ESA's Euclid mission is designed to explore the composition and evolution of the dark Universe. The space telescope will create a great map of the large-scale structure of the Universe across space and time by observing billions of galaxies out to 10 billion light-years, across more than a third of the sky. Euclid will explore how the Universe has expanded and how structure has formed over cosmic history, revealing more about the role of gravity and the nature of dark energy and dark matter.


Euclid's primary goals are to study two key properties of the Universe: the historical evolution of its expansion and its dark matter. Euclid does this by taking images of very distant galaxies - these galaxies are typically billions of light years away, so the images show us galaxies as they existed billions of years ago. By comparing many images of galaxies with different distances we can learn about how the Universe has been changing over the course of its history.

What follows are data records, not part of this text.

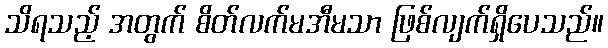
သိရသည့် အတွက် စိတ်လက်မအီမသာ ဖြစ်လျက်ရှိပေသည်။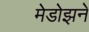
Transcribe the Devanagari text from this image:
मेडोझने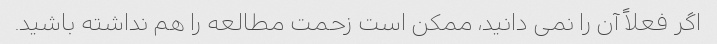
اگر فعلاً آن را نمی دانید، ممکن است زحمت مطالعه را هم نداشته باشید.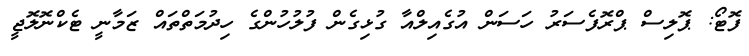
ފޮޓޯ: ޕޮލިސް ޕްރޮފެސަރު ހަސަން އުގެއިލްއާ ގުޅިގެން ފުލުހުންގެ ހިދުމަތްތައް ޒަމާނީ ޓެކްނޮލޮޖީ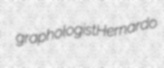
graphologist Hernardo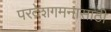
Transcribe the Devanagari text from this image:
परदेशगमनासाठी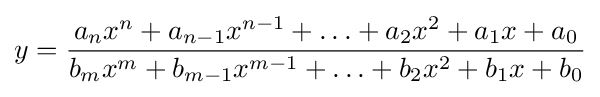
y={\frac {a_{n}x^{n}+a_{n-1}x^{n-1}+\ldots +a_{2}x^{2}+a_{1}x+a_{0}}{b_{m}x^{m}+b_{m-1}x^{m-1}+\ldots +b_{2}x^{2}+b_{1}x+b_{0}}}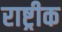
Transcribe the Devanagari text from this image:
राष्ट्रीक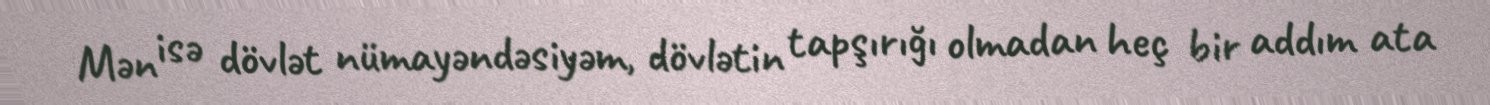
Mən isə dövlət nümayəndəsiyəm, dövlətin tapşırığı olmadan heç bir addım ata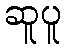
ဆူပူ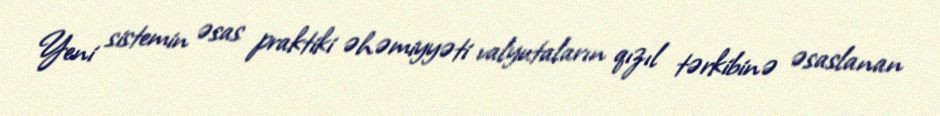
Yeni sistemin əsas praktiki əhəmiyyəti valyutaların qızıl tərkibinə əsaslanan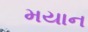
મયાન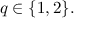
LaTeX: q \in \{ 1 , 2 \} .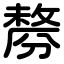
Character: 剺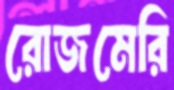
রোজমেরি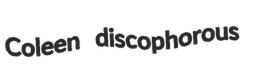
Coleen discophorous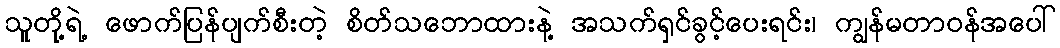
သူတို့ရဲ့ ဖောက်ပြန်ပျက်စီးတဲ့ စိတ်သဘောထားနဲ့ အသက်ရှင်ခွင့်ပေးရင်း၊ ကျွန်မတာဝန်အပေါ်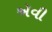
ઍવી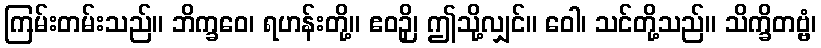
ကြမ်းတမ်းသည်။ ဘိက္ခဝေ၊ ရဟန်းတို့။ ဧဝဉှိ၊ ဤသို့လျှင်။ ဝေါ၊ သင်တို့သည်။ သိက္ခိတဗ္ဗံ၊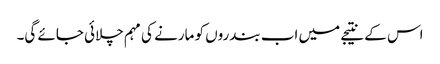
اس کے نتیجے میں اب بندروں کو مارنے کی مہم چلائی جائے گی۔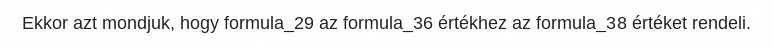
Ekkor azt mondjuk, hogy formula_29 az formula_36 értékhez az formula_38 értéket rendeli.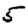
Digit: 5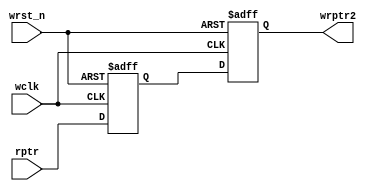
module sync_r2w #(
    parameter ADDRSIZE = 4
    )(
    output reg [ADDRSIZE:0] wrptr2,
    input      [ADDRSIZE:0] rptr,
    input                   wclk, wrst_n
    );

reg [ADDRSIZE:0] wrptr1;

always @(posedge wclk or negedge wrst_n) begin
    if (!wrst_n) begin
        {wrptr2, wrptr1} <= 0;
    end
    else begin
        {wrptr2, wrptr1} <= {wrptr1, rptr};
    end
end

endmodule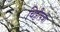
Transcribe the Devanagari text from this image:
चिट्ठीपत्री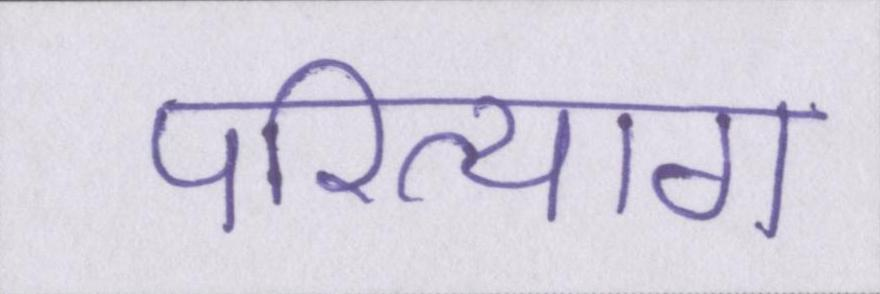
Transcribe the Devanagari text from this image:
परित्याग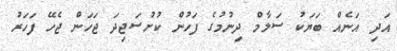
އަދި އަނެއް ބަޔަކު ސަލާމް ދިނުމުގެ ފަހުން ކުށުސަޖިދަ ޖަހަން ޖެހޭ ފަހަރު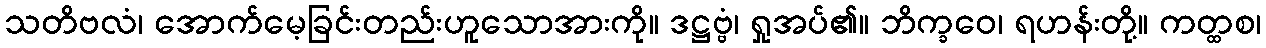
သတိဗလံ၊ အောက်မေ့ခြင်းတည်းဟူသောအားကို။ ဒဋ္ဌဗ္ဗံ၊ ရှုအပ်၏။ ဘိက္ခဝေ၊ ရဟန်းတို့။ ကတ္ထစ၊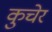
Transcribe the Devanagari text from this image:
कुचेर

There is a slight catch to this though - the images Euclid makes are not faithful depictions of the galaxies. This is not because the telescope isn't working, quite the contrary! It is because the light from these distant galaxies has been distorted by the gravitational pull of all the intervening matter between the galaxy and the telescope. This phenomenon is called gravitational lensing. We can't see this intervening matter because about 85% of it is invisible dark matter. Far from being an impediment to doing science with Euclid's images, gravitational lensing can actually be used to learn about the dark matter doing the lensing. Distortions in galaxy images are analysed statistically to isolate the lensing signal. This is the first of Euclid's core scientific objectives - to measure gravitational lensing, make maps of dark matter, and then use those maps to learn about the physics of the Universe.

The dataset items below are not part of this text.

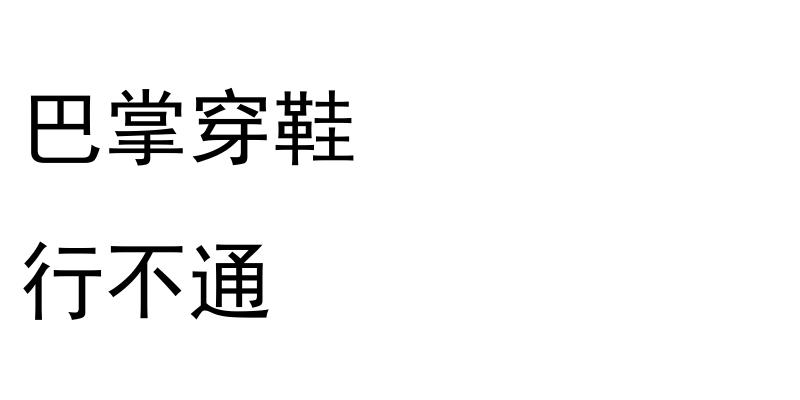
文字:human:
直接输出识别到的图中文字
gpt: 巴掌穿鞋 行不通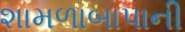
શામળાબાપાની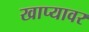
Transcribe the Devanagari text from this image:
खाप्यावर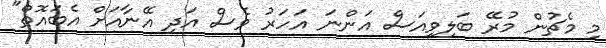
މި މެޗުން މުރޭ ބަލިވިއަސް އަންނަ އަހަރު ވެސް އަދި އޭނާއަށް އެބައޮތް"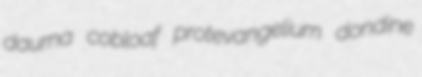
daurna cobloaf protevangelium dondine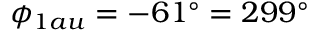
\phi _ { 1 a u } = - 6 1 ^ { \circ } = 2 9 9 ^ { \circ }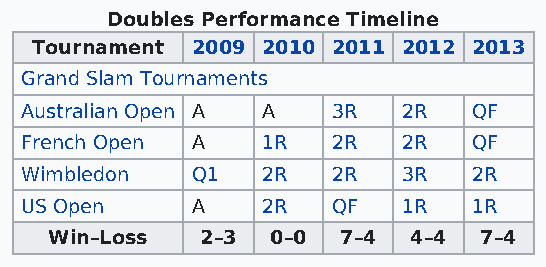
Doubles Performance Timeline
 Tournament 2009 2010 2011 2012 2013
 Grand Slam Tournaments
 Australian Open A A  3R   2R  QF
 French Open A   1R   2R   2R  QF
 Wimbledon   Q1  2R   2R   3R  2R
 US Open     A   2R   QF   1R  1R
 Win–Loss  2–3  0–0  7–4 4–4  7–4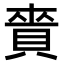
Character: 𧶐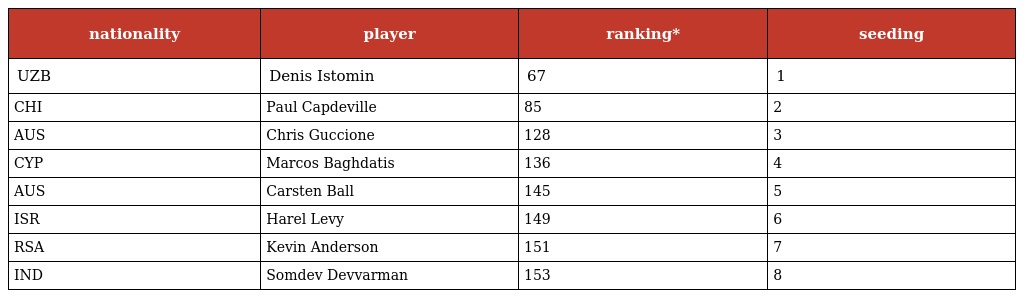
| nationality | player | ranking* | seeding |
 | --- | --- | --- | --- |
 | UZB | Denis Istomin | 67 | 1 |
 | CHI | Paul Capdeville | 85 | 2 |
 | AUS | Chris Guccione | 128 | 3 |
 | CYP | Marcos Baghdatis | 136 | 4 |
 | AUS | Carsten Ball | 145 | 5 |
 | ISR | Harel Levy | 149 | 6 |
 | RSA | Kevin Anderson | 151 | 7 |
 | IND | Somdev Devvarman | 153 | 8 |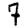
Digit: 7

The second core objective is to measure the clustering of galaxies. Galaxies are not randomly dotted about the sky - they tend to clump together because of the action of gravity. The precise pattern of this clumping can tell us in rich detail about the physics of gravity, the interplay of galaxies with dark matter, and the state of the Universe just after the Big Bang when all the structure we see today was seeded. Euclid will measure the clustering of galaxies to give fundamental insights into our Universe.

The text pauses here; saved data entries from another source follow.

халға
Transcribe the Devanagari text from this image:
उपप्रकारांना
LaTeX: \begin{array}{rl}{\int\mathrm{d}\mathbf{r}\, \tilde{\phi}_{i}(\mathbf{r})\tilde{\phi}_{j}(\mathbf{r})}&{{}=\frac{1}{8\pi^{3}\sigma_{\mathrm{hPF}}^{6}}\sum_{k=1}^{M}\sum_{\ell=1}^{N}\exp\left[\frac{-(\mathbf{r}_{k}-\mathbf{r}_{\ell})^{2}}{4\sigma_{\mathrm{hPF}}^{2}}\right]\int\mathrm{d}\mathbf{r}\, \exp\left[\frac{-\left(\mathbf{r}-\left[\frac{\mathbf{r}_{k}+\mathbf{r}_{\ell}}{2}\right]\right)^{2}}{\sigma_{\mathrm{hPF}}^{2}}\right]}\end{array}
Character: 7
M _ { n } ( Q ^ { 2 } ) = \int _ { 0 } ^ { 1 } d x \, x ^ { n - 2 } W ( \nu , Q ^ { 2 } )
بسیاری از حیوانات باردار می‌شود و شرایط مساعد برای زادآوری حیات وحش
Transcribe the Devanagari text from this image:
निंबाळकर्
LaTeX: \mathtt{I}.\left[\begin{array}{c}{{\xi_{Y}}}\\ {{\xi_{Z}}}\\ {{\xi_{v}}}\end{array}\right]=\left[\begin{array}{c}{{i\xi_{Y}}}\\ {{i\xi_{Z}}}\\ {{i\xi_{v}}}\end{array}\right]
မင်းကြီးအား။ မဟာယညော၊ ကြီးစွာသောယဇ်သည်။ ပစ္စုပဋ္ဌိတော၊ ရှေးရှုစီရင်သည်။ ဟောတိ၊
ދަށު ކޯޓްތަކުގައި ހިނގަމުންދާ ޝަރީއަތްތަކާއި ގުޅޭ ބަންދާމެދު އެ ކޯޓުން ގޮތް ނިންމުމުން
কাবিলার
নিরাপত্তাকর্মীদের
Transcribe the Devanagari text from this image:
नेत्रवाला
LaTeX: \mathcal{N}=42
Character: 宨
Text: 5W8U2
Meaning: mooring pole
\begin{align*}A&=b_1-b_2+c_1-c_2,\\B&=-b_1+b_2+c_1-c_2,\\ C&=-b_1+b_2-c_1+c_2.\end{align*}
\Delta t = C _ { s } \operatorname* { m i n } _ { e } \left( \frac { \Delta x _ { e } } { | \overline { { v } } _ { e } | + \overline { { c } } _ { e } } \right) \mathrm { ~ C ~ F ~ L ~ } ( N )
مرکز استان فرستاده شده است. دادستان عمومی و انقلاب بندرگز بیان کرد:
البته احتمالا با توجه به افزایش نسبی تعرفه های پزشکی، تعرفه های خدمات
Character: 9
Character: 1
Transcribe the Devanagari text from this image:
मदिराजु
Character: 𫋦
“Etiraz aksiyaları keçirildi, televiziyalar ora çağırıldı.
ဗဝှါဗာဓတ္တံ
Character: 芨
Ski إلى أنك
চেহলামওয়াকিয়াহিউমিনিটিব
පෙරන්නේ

With both these measurements made across a huge swathe of the sky and out to vast distances, Euclid will be able to trace out the expansion history of the Universe. The key aim here is to learn about dark energy, a mysterious force that seems to be responsible for pushing galaxies away from each other, the opposite effect to gravity. Very little is known about dark energy - Euclid has been designed to make game-changing breakthroughs in the study of this substance, which could entail a complete overhaul of the Standard Model of Physics.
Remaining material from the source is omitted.